I worry sometimes that Patagonia is an example of one, a solitary exception to how businesses generally operate. Do you think that approach is really being applied more broadly within businesses?
Yes, but not systematically. There is no doubt that it is easier for a privately owned company. It is much easier for a family controlled company. It is easier for a smaller company to do these things systematically, and we should ask ourselves why. There's a lot of reasons, but a lot of it comes down to the perversion of the fiduciary responsibilities of public companies. This is a whole other tangent that we could go down: court findings of a hundred years ago when the Dodge brothers sued Henry Ford and determined that Henry Ford had an obligation to his investors to make money. That spread, pervaded everything. It became not just that you have a responsibility to make money, but it started to metastasize to you have to make money immediately, in the next quarterly report. You have to constantly please Wall Street analysts. That kind of short-term thinking, rather than long-term sustainability and resilience, is antithetical to sustainability and to the long-term resilience of a company.

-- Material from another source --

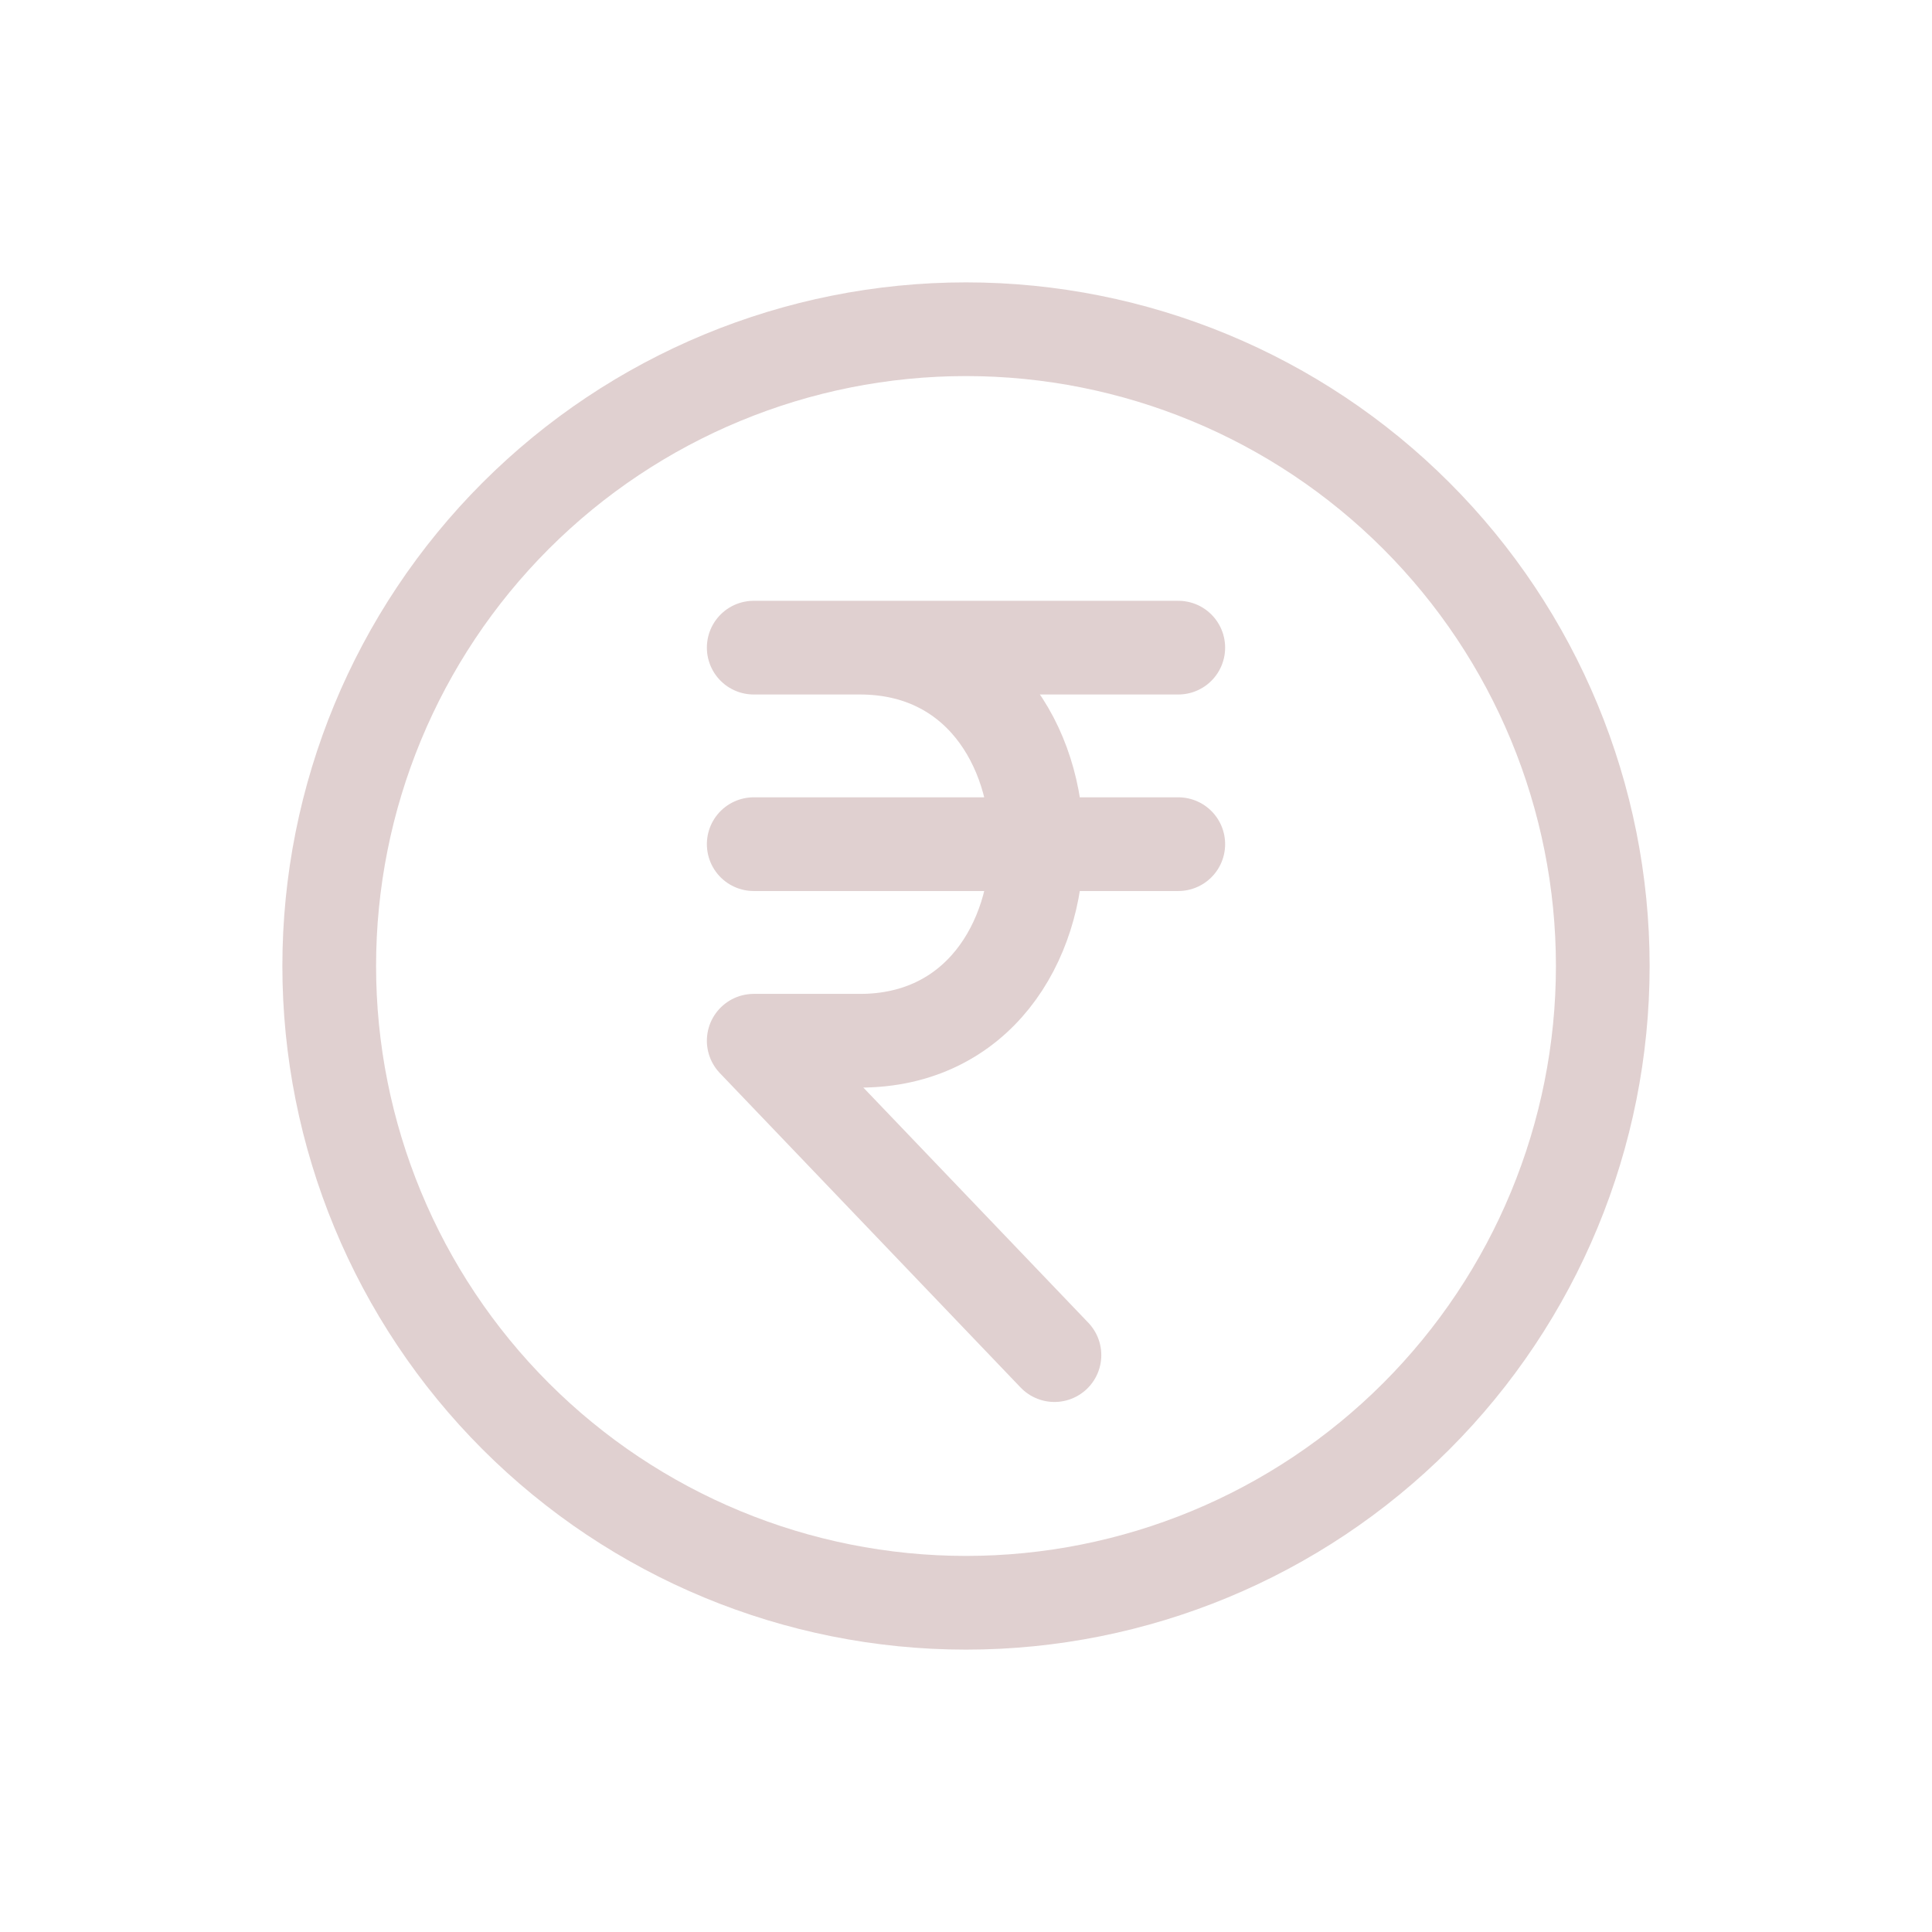 <svg width="32" height="32" viewBox="0 0 32 32" fill="none" xmlns="http://www.w3.org/2000/svg">
<path d="M5.453 16C5.453 18.797 6.564 21.48 8.542 23.458C10.52 25.436 13.203 26.547 16 26.547C18.797 26.547 21.48 25.436 23.458 23.458C25.436 21.48 26.547 18.797 26.547 16C26.547 13.203 25.436 10.52 23.458 8.542C21.48 6.564 18.797 5.453 16 5.453C13.203 5.453 10.52 6.564 8.542 8.542C6.564 10.52 5.453 13.203 5.453 16Z" stroke="#E0D0D0" stroke-width="1.552" stroke-linecap="round" stroke-linejoin="round"/>
<path d="M12.484 10.727H19.516M12.484 13.982H19.516M17.465 22.445L12.484 17.238H14.242C18.149 17.238 18.149 10.727 14.242 10.727" stroke="#E0D0D0" stroke-width="1.552" stroke-linecap="round" stroke-linejoin="round"/>
</svg>

What are you most excited about in these days in terms of sustainability innovation or practices?
There are more and more examples of where we're turning the world's biggest problems into the world's biggest opportunities. I'm hoping that 50 years from now, when people look back at the beginning of the century and say, 'What were the greatest achievements?' one of them might be that we converted one of the world's biggest problems, CO2 emissions into a wide range of products, materials, fuels, and building materials. And people are going to make a lot of money from the idea of changing the direction of the vector from problem to solution.
I'm lucky enough to be involved with a company called the Air Company, in Brooklyn, New York. It's based on some of the research where you split water into hydrogen and oxygen, you take CO2, and you can make ethanol. You can make a luxury vodka that is winning prizes all over the world for its taste. Now a rational person would say all the vodka in the world isn't going to make a dent in climate change. That was never the purpose. The purpose was to capture people's imagination that if you can make a carbon-negative vodka by using CO2, then you can use CO2 for all kinds of things. It becomes easy to imagine that it can become a sustainable aviation fuel. The Air Company just won a NASA competition to make rocket fuel, aviation fuels, and to make building materials to do these things.
So this idea of turning great civilization-wide problems into tremendous opportunities and productivity and performance and function, that's what excites me.
So if you capture CO2 at the point of emission or from the air, then you could use it for these commercial purposes?
Exactly. You're changing the driver to making it valuable so that you do want to capture it so that you can actually make money from the capture and transformation. So, yes, there's a driver now to capture at the point of release or capture it in whatever way.